►

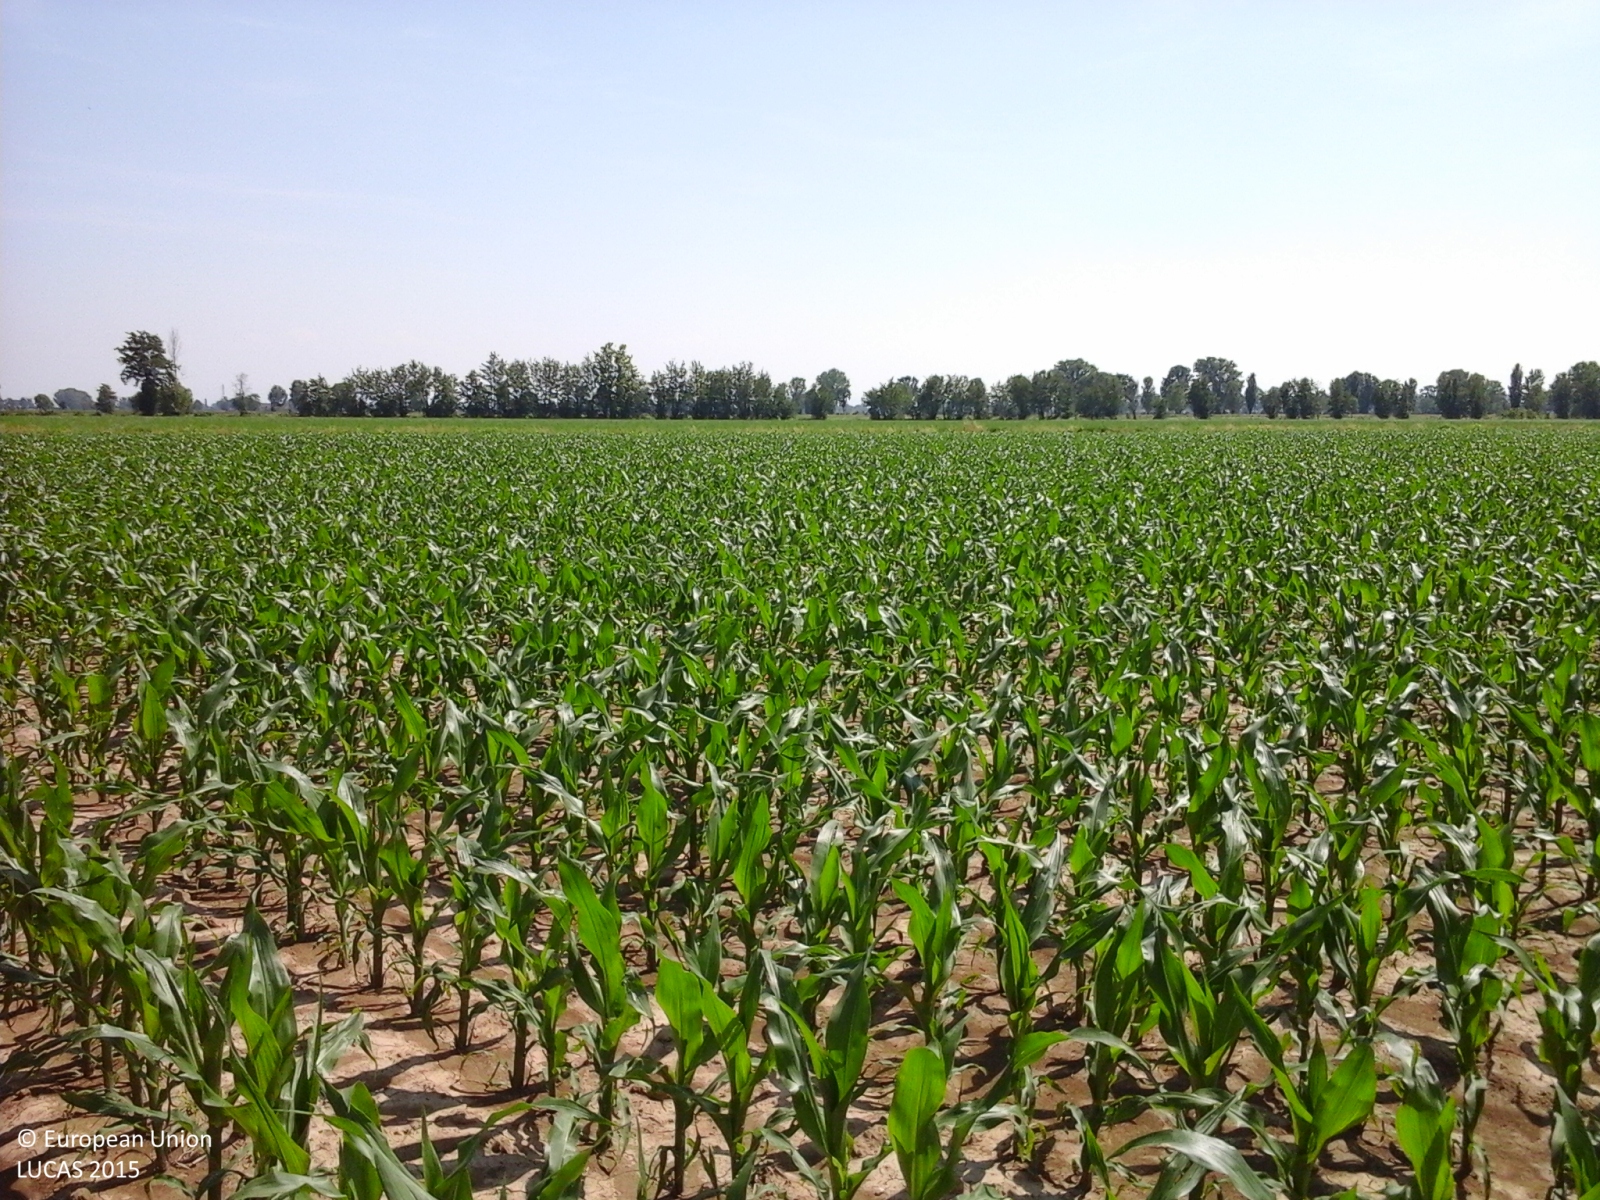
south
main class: Cropland
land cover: Maize
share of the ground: 50 - 75 %
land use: Agriculture (excluding fallow land and kitchen gardens)
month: May
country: IT
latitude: 45.2330
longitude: 9.5296

◄

About this task :: Produce an exact copy of each line of data, skipping embedded images.

Result for this exercise ::
south
main class: Cropland
land cover: Maize
share of the ground: 50 - 75 %
land use: Agriculture (excluding fallow land and kitchen gardens)
month: May
country: IT
latitude: 45.2330
longitude: 9.5296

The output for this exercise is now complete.